Implementing alignment recommendations for the International Development Finance Club

This report identifies the changes the Paris Agreement implies for the role of Development Finance Institutions (DFIs) – specifically members of the IDFC – and how they may implement these changes through a targeted set of activities.This report proposes that alignment implementation can be facilitated by focusing on the following areas:

Key points
  • An internal working definition of alignment can serve as a common basis for implementation throughout the organization by clearly articulating how the institution will contribute to the Paris Agreement objectives and by sending a clear signal to staff, external market participants, and other stakeholders that climate action underpins the institution’s development objectives. The working definition can describe how the scope, scale, and time horizon dimensions of alignment apply to the institution.
  • For publicly mandated development finance institutions, the ability to implement alignment will be greatly facilitated – or constrained – by their countries of operation, both through enabling environments as well as the influence of governments on IDFC members through their Boards. However, IDFC members are also uniquely positioned and trusted to support governments to contribute most effectively to the objectives of the Paris Agreement, to which they have all agreed. Therefore, we propose in this study that alignment starts with the special relationship IDFC members have with the governments in their countries of operation.
  • Paris alignment will require executive leadership to influence how decisions are made and the modalities to execute them. Alignment can be embedded in the strategic level of the organization by adopting institution-wide objectives; a well-structured incentive and support system, and an updated risk management framework.
  • At the operations level, alignment requires changes in how investments are assessed and how capital is deployed. All investments across the institution’s operations will need to be assessed against alignment criteria, and capital should be deployed using modalities that help deliver the transformative change necessitated by the Paris Agreement.

 

While IDFC members share a common goal, the differences between them in terms of internal capacity, mandate, national circumstances, and resources imply a range of possible short-term paths.

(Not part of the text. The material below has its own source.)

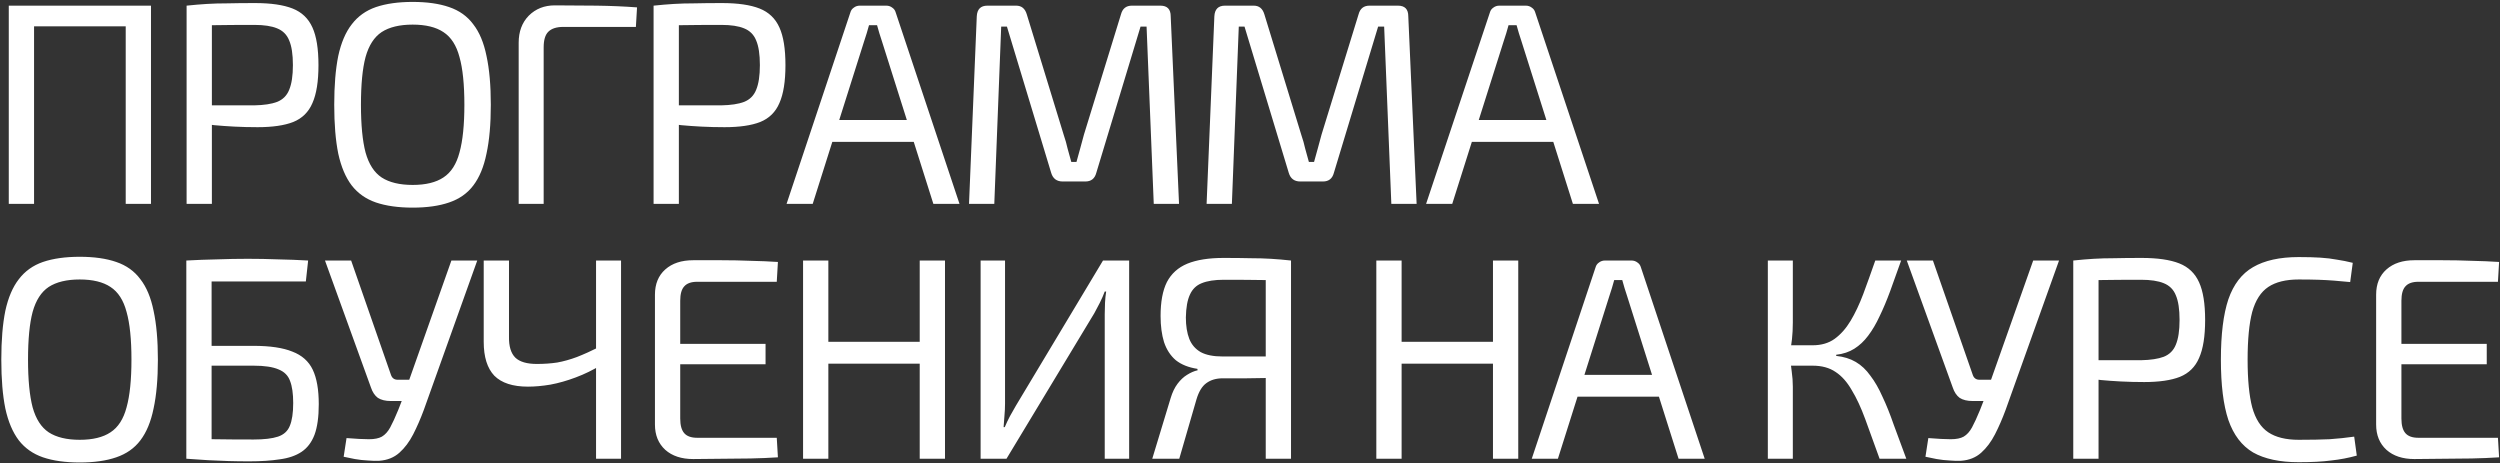 <?xml version="1.0" encoding="UTF-8"?> <svg xmlns="http://www.w3.org/2000/svg" width="1079" height="200" viewBox="0 0 1079 200" fill="none"><rect x="0" y="0" width="1079" height="200" fill="#333333" stroke="none"/> <path d="M14.7 2.44V88H3.788V2.44H14.7ZM55.62 2.44V11.368H13.708V2.44H55.62ZM65.168 2.44V88H54.256V2.44H65.168ZM110.049 1.324C116.911 1.324 122.325 2.109 126.293 3.68C130.261 5.251 133.113 7.979 134.849 11.864C136.585 15.667 137.453 21.081 137.453 28.108C137.453 35.135 136.585 40.591 134.849 44.476C133.196 48.361 130.427 51.089 126.541 52.66C122.739 54.148 117.613 54.892 111.165 54.892C107.693 54.892 104.345 54.809 101.121 54.644C97.98 54.479 95.087 54.272 92.441 54.024C89.796 53.693 87.523 53.363 85.621 53.032C83.803 52.701 82.521 52.412 81.777 52.164L82.149 45.468C86.531 45.468 91.077 45.468 95.789 45.468C100.501 45.468 105.172 45.468 109.801 45.468C113.935 45.385 117.2 44.889 119.597 43.98C122.077 42.988 123.813 41.252 124.805 38.772C125.88 36.209 126.417 32.655 126.417 28.108C126.417 23.479 125.88 19.924 124.805 17.444C123.813 14.964 122.077 13.228 119.597 12.236C117.2 11.244 113.935 10.748 109.801 10.748C103.023 10.748 97.153 10.789 92.193 10.872C87.316 10.955 84.009 11.079 82.273 11.244L80.537 2.44C83.679 2.109 86.613 1.861 89.341 1.696C92.069 1.531 95.045 1.448 98.269 1.448C101.493 1.365 105.42 1.324 110.049 1.324ZM91.449 2.44V88H80.537V2.44H91.449ZM178.106 0.828C184.306 0.828 189.555 1.572 193.854 3.06C198.235 4.548 201.707 7.028 204.27 10.5C206.915 13.889 208.817 18.436 209.974 24.14C211.214 29.844 211.834 36.871 211.834 45.22C211.834 53.569 211.214 60.596 209.974 66.3C208.817 72.004 206.915 76.592 204.27 80.064C201.707 83.453 198.235 85.892 193.854 87.38C189.555 88.868 184.306 89.612 178.106 89.612C171.906 89.612 166.615 88.868 162.234 87.38C157.935 85.892 154.463 83.453 151.818 80.064C149.173 76.592 147.23 72.004 145.99 66.3C144.833 60.596 144.254 53.569 144.254 45.22C144.254 36.871 144.833 29.844 145.99 24.14C147.23 18.436 149.173 13.889 151.818 10.5C154.463 7.028 157.935 4.548 162.234 3.06C166.615 1.572 171.906 0.828 178.106 0.828ZM178.106 10.624C172.485 10.624 168.021 11.699 164.714 13.848C161.49 15.997 159.175 19.593 157.77 24.636C156.447 29.596 155.786 36.457 155.786 45.22C155.786 53.9 156.447 60.761 157.77 65.804C159.175 70.847 161.49 74.443 164.714 76.592C168.021 78.741 172.485 79.816 178.106 79.816C183.727 79.816 188.15 78.741 191.374 76.592C194.681 74.443 196.995 70.847 198.318 65.804C199.723 60.761 200.426 53.9 200.426 45.22C200.426 36.457 199.723 29.596 198.318 24.636C196.995 19.593 194.681 15.997 191.374 13.848C188.15 11.699 183.727 10.624 178.106 10.624ZM239.482 2.316C245.434 2.316 251.427 2.357 257.462 2.44C263.579 2.523 269.407 2.771 274.946 3.184L274.45 11.616H243.078C240.185 11.616 238.035 12.319 236.63 13.724C235.307 15.047 234.646 17.279 234.646 20.42V88H223.858V18.436C223.858 13.641 225.305 9.756 228.198 6.78C231.174 3.804 234.935 2.316 239.482 2.316ZM311.598 1.324C318.459 1.324 323.874 2.109 327.842 3.68C331.81 5.251 334.662 7.979 336.398 11.864C338.134 15.667 339.002 21.081 339.002 28.108C339.002 35.135 338.134 40.591 336.398 44.476C334.744 48.361 331.975 51.089 328.09 52.66C324.287 54.148 319.162 54.892 312.714 54.892C309.242 54.892 305.894 54.809 302.67 54.644C299.528 54.479 296.635 54.272 293.99 54.024C291.344 53.693 289.071 53.363 287.17 53.032C285.351 52.701 284.07 52.412 283.326 52.164L283.698 45.468C288.079 45.468 292.626 45.468 297.338 45.468C302.05 45.468 306.72 45.468 311.35 45.468C315.483 45.385 318.748 44.889 321.146 43.98C323.626 42.988 325.362 41.252 326.354 38.772C327.428 36.209 327.966 32.655 327.966 28.108C327.966 23.479 327.428 19.924 326.354 17.444C325.362 14.964 323.626 13.228 321.146 12.236C318.748 11.244 315.483 10.748 311.35 10.748C304.571 10.748 298.702 10.789 293.742 10.872C288.864 10.955 285.558 11.079 283.822 11.244L282.086 2.44C285.227 2.109 288.162 1.861 290.89 1.696C293.618 1.531 296.594 1.448 299.818 1.448C303.042 1.365 306.968 1.324 311.598 1.324ZM292.998 2.44V88H282.086V2.44H292.998ZM382.506 2.44C383.498 2.44 384.366 2.729 385.11 3.308C385.854 3.804 386.35 4.507 386.598 5.416L414.126 88H402.842L380.646 17.816C380.316 16.659 379.944 15.501 379.53 14.344C379.2 13.104 378.869 11.947 378.538 10.872H375.066C374.736 11.947 374.405 13.104 374.074 14.344C373.744 15.501 373.372 16.659 372.958 17.816L350.762 88H339.478L367.006 5.416C367.254 4.507 367.75 3.804 368.494 3.308C369.238 2.729 370.106 2.44 371.098 2.44H382.506ZM398.378 51.792V61.216H354.978V51.792H398.378ZM500.811 2.44C503.787 2.44 505.275 3.969 505.275 7.028L508.871 88H497.959L494.859 11.492H492.255L473.159 74.608C472.498 77.088 470.927 78.328 468.447 78.328H458.651C456.088 78.328 454.435 77.088 453.691 74.608L434.595 11.492H432.115L429.139 88H418.227L421.575 7.028C421.74 3.969 423.27 2.44 426.163 2.44H438.563C440.878 2.44 442.407 3.68 443.151 6.16L459.147 58.364C459.808 60.265 460.346 62.167 460.759 64.068C461.255 65.969 461.792 67.912 462.371 69.896H464.603C465.182 67.912 465.719 65.969 466.215 64.068C466.711 62.167 467.248 60.183 467.827 58.116L483.823 6.16C484.484 3.68 486.055 2.44 488.535 2.44H500.811ZM603.353 2.44C606.329 2.44 607.817 3.969 607.817 7.028L611.413 88H600.501L597.401 11.492H594.797L575.701 74.608C575.04 77.088 573.469 78.328 570.989 78.328H561.193C558.63 78.328 556.977 77.088 556.233 74.608L537.137 11.492H534.657L531.681 88H520.769L524.117 7.028C524.282 3.969 525.812 2.44 528.705 2.44H541.105C543.42 2.44 544.949 3.68 545.693 6.16L561.689 58.364C562.35 60.265 562.888 62.167 563.301 64.068C563.797 65.969 564.334 67.912 564.913 69.896H567.145C567.724 67.912 568.261 65.969 568.757 64.068C569.253 62.167 569.79 60.183 570.369 58.116L586.365 6.16C587.026 3.68 588.597 2.44 591.077 2.44H603.353ZM658.527 2.44C659.519 2.44 660.387 2.729 661.131 3.308C661.875 3.804 662.371 4.507 662.619 5.416L690.147 88H678.863L656.667 17.816C656.337 16.659 655.965 15.501 655.551 14.344C655.221 13.104 654.89 11.947 654.559 10.872H651.087C650.757 11.947 650.426 13.104 650.095 14.344C649.765 15.501 649.393 16.659 648.979 17.816L626.783 88H615.499L643.027 5.416C643.275 4.507 643.771 3.804 644.515 3.308C645.259 2.729 646.127 2.44 647.119 2.44H658.527ZM674.399 51.792V61.216H630.999V51.792H674.399ZM34.416 110.828C40.616 110.828 45.865 111.572 50.164 113.06C54.545 114.548 58.017 117.028 60.58 120.5C63.225 123.889 65.127 128.436 66.284 134.14C67.524 139.844 68.144 146.871 68.144 155.22C68.144 163.569 67.524 170.596 66.284 176.3C65.127 182.004 63.225 186.592 60.58 190.064C58.017 193.453 54.545 195.892 50.164 197.38C45.865 198.868 40.616 199.612 34.416 199.612C28.216 199.612 22.925 198.868 18.544 197.38C14.245 195.892 10.773 193.453 8.128 190.064C5.483 186.592 3.54 182.004 2.3 176.3C1.143 170.596 0.564 163.569 0.564 155.22C0.564 146.871 1.143 139.844 2.3 134.14C3.54 128.436 5.483 123.889 8.128 120.5C10.773 117.028 14.245 114.548 18.544 113.06C22.925 111.572 28.216 110.828 34.416 110.828ZM34.416 120.624C28.795 120.624 24.331 121.699 21.024 123.848C17.8 125.997 15.485 129.593 14.08 134.636C12.757 139.596 12.096 146.457 12.096 155.22C12.096 163.9 12.757 170.761 14.08 175.804C15.485 180.847 17.8 184.443 21.024 186.592C24.331 188.741 28.795 189.816 34.416 189.816C40.037 189.816 44.46 188.741 47.684 186.592C50.991 184.443 53.305 180.847 54.628 175.804C56.033 170.761 56.736 163.9 56.736 155.22C56.736 146.457 56.033 139.596 54.628 134.636C53.305 129.593 50.991 125.997 47.684 123.848C44.46 121.699 40.037 120.624 34.416 120.624ZM132.992 112.44L132 121.492H91.328V198H80.416V112.44C84.88 112.192 89.303 112.027 93.684 111.944C98.148 111.779 102.571 111.696 106.952 111.696C111.333 111.696 115.673 111.779 119.972 111.944C124.353 112.027 128.693 112.192 132.992 112.44ZM109.432 149.268C116.541 149.268 122.121 150.095 126.172 151.748C130.305 153.319 133.24 155.923 134.976 159.56C136.712 163.197 137.58 168.157 137.58 174.44C137.58 179.979 136.96 184.401 135.72 187.708C134.48 190.932 132.62 193.371 130.14 195.024C127.66 196.677 124.519 197.752 120.716 198.248C116.996 198.827 112.615 199.116 107.572 199.116C104.513 199.116 101.537 199.075 98.644 198.992C95.751 198.909 92.816 198.785 89.84 198.62C86.947 198.455 83.888 198.248 80.664 198L82.4 189.32C84.219 189.403 87.484 189.485 92.196 189.568C96.991 189.651 102.736 189.692 109.432 189.692C113.979 189.692 117.492 189.279 119.972 188.452C122.452 187.625 124.147 186.096 125.056 183.864C126.048 181.549 126.544 178.243 126.544 173.944C126.544 169.893 126.089 166.711 125.18 164.396C124.353 162.081 122.7 160.428 120.22 159.436C117.74 158.361 114.144 157.824 109.432 157.824H82.276V149.268H109.432ZM205.983 112.44L182.919 176.92C181.513 180.723 179.984 184.236 178.331 187.46C176.677 190.684 174.693 193.329 172.379 195.396C170.064 197.463 167.171 198.62 163.699 198.868C162.293 198.951 160.64 198.909 158.739 198.744C156.92 198.661 155.06 198.455 153.159 198.124C151.34 197.793 149.728 197.463 148.323 197.132L149.563 189.072C153.696 189.403 156.92 189.568 159.235 189.568C161.632 189.568 163.492 189.196 164.815 188.452C166.22 187.625 167.419 186.303 168.411 184.484C169.403 182.665 170.56 180.144 171.883 176.92L174.735 169.604L175.975 165.76L194.823 112.44H205.983ZM151.547 112.44L168.783 161.916C169.279 163.239 170.229 163.9 171.635 163.9H177.711L179.323 173.076H168.659C166.344 173.076 164.484 172.621 163.079 171.712C161.756 170.72 160.764 169.232 160.103 167.248L140.263 112.44H151.547ZM219.682 112.44V145.3C219.599 149.433 220.508 152.451 222.41 154.352C224.311 156.171 227.411 157.08 231.71 157.08C234.851 157.08 237.786 156.873 240.514 156.46C243.242 155.964 246.052 155.179 248.946 154.104C251.922 152.947 255.228 151.459 258.866 149.64L259.61 157.452C255.972 159.684 252.252 161.503 248.45 162.908C244.73 164.313 241.092 165.347 237.538 166.008C234.066 166.587 230.842 166.876 227.866 166.876C221.335 166.876 216.499 165.305 213.358 162.164C210.299 158.94 208.77 154.063 208.77 147.532V112.44H219.682ZM268.042 112.44V198H257.254V112.44H268.042ZM299.166 112.316C303.216 112.316 307.308 112.316 311.442 112.316C315.658 112.316 319.791 112.399 323.842 112.564C327.975 112.647 331.943 112.812 335.746 113.06L335.25 121.616H300.902C298.339 121.616 296.479 122.277 295.322 123.6C294.164 124.84 293.586 126.907 293.586 129.8V180.64C293.586 183.533 294.164 185.641 295.322 186.964C296.479 188.287 298.339 188.948 300.902 188.948H335.25L335.746 197.38C331.943 197.628 327.975 197.793 323.842 197.876C319.791 197.959 315.658 198 311.442 198C307.308 198.083 303.216 198.124 299.166 198.124C294.123 198.124 290.114 196.801 287.138 194.156C284.162 191.428 282.674 187.791 282.674 183.244V127.196C282.674 122.567 284.162 118.929 287.138 116.284C290.114 113.639 294.123 112.316 299.166 112.316ZM284.782 148.4H330.414V157.204H284.782V148.4ZM357.516 112.44V198H346.604V112.44H357.516ZM398.312 147.532V156.956H356.524V147.532H398.312ZM407.86 112.44V198H396.948V112.44H407.86ZM487.341 112.44V198H476.801V135.628C476.801 133.975 476.842 132.321 476.925 130.668C477.007 129.015 477.173 127.403 477.421 125.832H476.801C476.222 127.403 475.519 129.015 474.693 130.668C473.866 132.239 473.081 133.727 472.337 135.132L434.393 198H423.233V112.44H433.773V174.192C433.773 175.928 433.69 177.664 433.525 179.4C433.442 181.053 433.318 182.707 433.153 184.36H433.649C434.31 182.789 435.054 181.219 435.881 179.648C436.79 178.077 437.658 176.548 438.485 175.06L476.057 112.44H487.341ZM528.063 111.324C532.61 111.324 536.495 111.365 539.719 111.448C542.943 111.448 545.878 111.531 548.523 111.696C551.251 111.861 554.144 112.109 557.203 112.44L555.467 121.244C553.731 121.079 550.466 120.955 545.671 120.872C540.876 120.789 535.048 120.748 528.187 120.748C524.219 120.748 521.036 121.244 518.639 122.236C516.324 123.145 514.63 124.799 513.555 127.196C512.48 129.511 511.902 132.776 511.819 136.992C511.819 140.629 512.315 143.729 513.307 146.292C514.299 148.772 515.952 150.673 518.267 151.996C520.582 153.236 523.723 153.856 527.691 153.856H555.591L555.963 162.908C554.888 162.908 553.524 162.949 551.871 163.032C550.218 163.032 548.234 163.073 545.919 163.156C543.604 163.156 540.918 163.197 537.859 163.28C534.883 163.28 531.494 163.28 527.691 163.28C524.88 163.28 522.524 163.983 520.623 165.388C518.804 166.711 517.399 169.025 516.407 172.332L508.967 198H497.311L505.247 171.836C505.991 169.356 506.983 167.289 508.223 165.636C509.463 163.983 510.827 162.701 512.315 161.792C513.886 160.8 515.415 160.139 516.903 159.808L516.779 159.188C512.976 158.609 509.876 157.369 507.479 155.468C505.164 153.484 503.47 150.88 502.395 147.656C501.403 144.432 500.907 140.671 500.907 136.372C500.907 130.255 501.816 125.377 503.635 121.74C505.536 118.103 508.471 115.457 512.439 113.804C516.49 112.151 521.698 111.324 528.063 111.324ZM557.203 112.44V198H546.291V112.44H557.203ZM604.935 112.44V198H594.023V112.44H604.935ZM645.731 147.532V156.956H603.943V147.532H645.731ZM655.279 112.44V198H644.367V112.44H655.279ZM704.131 112.44C705.123 112.44 705.991 112.729 706.735 113.308C707.479 113.804 707.975 114.507 708.223 115.416L735.751 198H724.467L702.271 127.816C701.941 126.659 701.569 125.501 701.155 124.344C700.825 123.104 700.494 121.947 700.163 120.872H696.691C696.361 121.947 696.03 123.104 695.699 124.344C695.369 125.501 694.997 126.659 694.583 127.816L672.387 198H661.103L688.631 115.416C688.879 114.507 689.375 113.804 690.119 113.308C690.863 112.729 691.731 112.44 692.723 112.44H704.131ZM720.003 161.792V171.216H676.603V161.792H720.003ZM820.533 112.44C818.88 117.152 817.309 121.533 815.821 125.584C814.333 129.635 812.804 133.272 811.233 136.496C809.745 139.72 808.092 142.531 806.273 144.928C804.537 147.243 802.553 149.103 800.321 150.508C798.089 151.913 795.485 152.781 792.509 153.112V153.608C795.733 153.939 798.544 154.807 800.941 156.212C803.339 157.617 805.447 159.601 807.265 162.164C809.167 164.644 810.903 167.661 812.473 171.216C814.127 174.688 815.739 178.697 817.309 183.244C818.963 187.708 820.781 192.627 822.765 198H811.233C808.919 191.552 806.852 185.848 805.033 180.888C803.215 175.928 801.272 171.753 799.205 168.364C797.221 164.892 794.907 162.288 792.261 160.552C789.616 158.733 786.309 157.824 782.341 157.824V149.02C786.061 149.02 789.203 148.111 791.765 146.292C794.411 144.391 796.725 141.787 798.709 138.48C800.693 135.173 802.512 131.329 804.165 126.948C805.819 122.484 807.555 117.648 809.373 112.44H820.533ZM773.785 112.44V139.224C773.785 141.704 773.661 144.101 773.413 146.416C773.165 148.731 772.793 151.004 772.297 153.236C772.711 155.551 773.041 157.865 773.289 160.18C773.62 162.495 773.785 164.727 773.785 166.876V198H762.997V112.44H773.785ZM786.929 149.02V157.824H770.437V149.02H786.929ZM888.685 112.44L865.621 176.92C864.216 180.723 862.686 184.236 861.033 187.46C859.38 190.684 857.396 193.329 855.081 195.396C852.766 197.463 849.873 198.62 846.401 198.868C844.996 198.951 843.342 198.909 841.441 198.744C839.622 198.661 837.762 198.455 835.861 198.124C834.042 197.793 832.43 197.463 831.025 197.132L832.265 189.072C836.398 189.403 839.622 189.568 841.937 189.568C844.334 189.568 846.194 189.196 847.517 188.452C848.922 187.625 850.121 186.303 851.113 184.484C852.105 182.665 853.262 180.144 854.585 176.92L857.437 169.604L858.677 165.76L877.525 112.44H888.685ZM834.249 112.44L851.485 161.916C851.981 163.239 852.932 163.9 854.337 163.9H860.413L862.025 173.076H851.361C849.046 173.076 847.186 172.621 845.781 171.712C844.458 170.72 843.466 169.232 842.805 167.248L822.965 112.44H834.249ZM924.332 111.324C931.193 111.324 936.608 112.109 940.576 113.68C944.544 115.251 947.396 117.979 949.132 121.864C950.868 125.667 951.736 131.081 951.736 138.108C951.736 145.135 950.868 150.591 949.132 154.476C947.479 158.361 944.709 161.089 940.824 162.66C937.021 164.148 931.896 164.892 925.448 164.892C921.976 164.892 918.628 164.809 915.404 164.644C912.263 164.479 909.369 164.272 906.724 164.024C904.079 163.693 901.805 163.363 899.904 163.032C898.085 162.701 896.804 162.412 896.06 162.164L896.432 155.468C900.813 155.468 905.36 155.468 910.072 155.468C914.784 155.468 919.455 155.468 924.084 155.468C928.217 155.385 931.483 154.889 933.88 153.98C936.36 152.988 938.096 151.252 939.088 148.772C940.163 146.209 940.7 142.655 940.7 138.108C940.7 133.479 940.163 129.924 939.088 127.444C938.096 124.964 936.36 123.228 933.88 122.236C931.483 121.244 928.217 120.748 924.084 120.748C917.305 120.748 911.436 120.789 906.476 120.872C901.599 120.955 898.292 121.079 896.556 121.244L894.82 112.44C897.961 112.109 900.896 111.861 903.624 111.696C906.352 111.531 909.328 111.448 912.552 111.448C915.776 111.365 919.703 111.324 924.332 111.324ZM905.732 112.44V198H894.82V112.44H905.732ZM992.141 110.952C995.778 110.952 998.878 111.035 1001.44 111.2C1004.09 111.365 1006.48 111.655 1008.63 112.068C1010.86 112.399 1013.14 112.853 1015.45 113.432L1014.34 121.74C1011.86 121.492 1009.54 121.285 1007.39 121.12C1005.33 120.955 1003.09 120.831 1000.7 120.748C998.299 120.665 995.447 120.624 992.141 120.624C986.602 120.624 982.221 121.699 978.997 123.848C975.773 125.997 973.458 129.593 972.053 134.636C970.73 139.679 970.069 146.54 970.069 155.22C970.069 163.9 970.73 170.761 972.053 175.804C973.458 180.847 975.773 184.443 978.997 186.592C982.221 188.741 986.602 189.816 992.141 189.816C997.431 189.816 1001.85 189.733 1005.41 189.568C1009.05 189.32 1012.6 188.948 1016.07 188.452L1017.19 196.636C1013.63 197.628 1009.96 198.331 1006.15 198.744C1002.43 199.24 997.762 199.488 992.141 199.488C983.957 199.488 977.385 198.083 972.425 195.272C967.547 192.379 963.993 187.708 961.761 181.26C959.611 174.812 958.537 166.132 958.537 155.22C958.537 144.308 959.611 135.628 961.761 129.18C963.993 122.732 967.547 118.103 972.425 115.292C977.385 112.399 983.957 110.952 992.141 110.952ZM1042.03 112.316C1046.08 112.316 1050.17 112.316 1054.3 112.316C1058.52 112.316 1062.65 112.399 1066.7 112.564C1070.84 112.647 1074.8 112.812 1078.61 113.06L1078.11 121.616H1043.76C1041.2 121.616 1039.34 122.277 1038.18 123.6C1037.03 124.84 1036.45 126.907 1036.45 129.8V180.64C1036.45 183.533 1037.03 185.641 1038.18 186.964C1039.34 188.287 1041.2 188.948 1043.76 188.948H1078.11L1078.61 197.38C1074.8 197.628 1070.84 197.793 1066.7 197.876C1062.65 197.959 1058.52 198 1054.3 198C1050.17 198.083 1046.08 198.124 1042.03 198.124C1036.98 198.124 1032.98 196.801 1030 194.156C1027.02 191.428 1025.54 187.791 1025.54 183.244V127.196C1025.54 122.567 1027.02 118.929 1030 116.284C1032.98 113.639 1036.98 112.316 1042.03 112.316ZM1027.64 148.4H1073.28V157.204H1027.64V148.4Z" fill="white"></path> </svg>

However, these must converge with urgency towards activities reflecting the full scope, scale, and time horizon of the Paris Agreement objectives.

The transition to alignment for the IDFC, individually and collectively, will not be easy, and it will take time – and therefore it should start now. With the roadmap to alignment presented here as a guide, members can scale up and build upon successful examples of existing practices with the sustained, focused effort required across all activities for the Paris Agreement’s goals to be met.

While meeting this challenge will require unwavering commitment and engagement from members themselves, partnerships with others outside the IDFC will be vital. Collaboration with other financial institutions, both public and private, will be needed to streamline methodologies, metrics, and programming; reduce duplication; and accelerate the development of appropriate policy and financial instruments. Most crucially, IDFC members will need support – both political and financial – from the international community and shareholder governments to reach their potential to drive investment towards a Paris-aligned future.

Mandated by the International Development Finance Club (IDFC) and the European Climate Foundation, Climate Policy Initiative (CPI) and the Institute for Climate Economics (I4CE) conducted a research project in two parts:

  • Part 1led by I4CE, establishes a theoretical and conceptual basis for alignment, analyzing and describing the emerging interpretations of the definitions, principles, and approaches across the financial community, and builds on the experience of the Climate Action in Financial Institutions Initiative.
  • Part 2, led by CPI, identifies the changes the Paris Agreement implies for the role of Development Finance Institutions (DFIs) – specifically members of the IDFC – and how they may implement these changes through a targeted set of activities.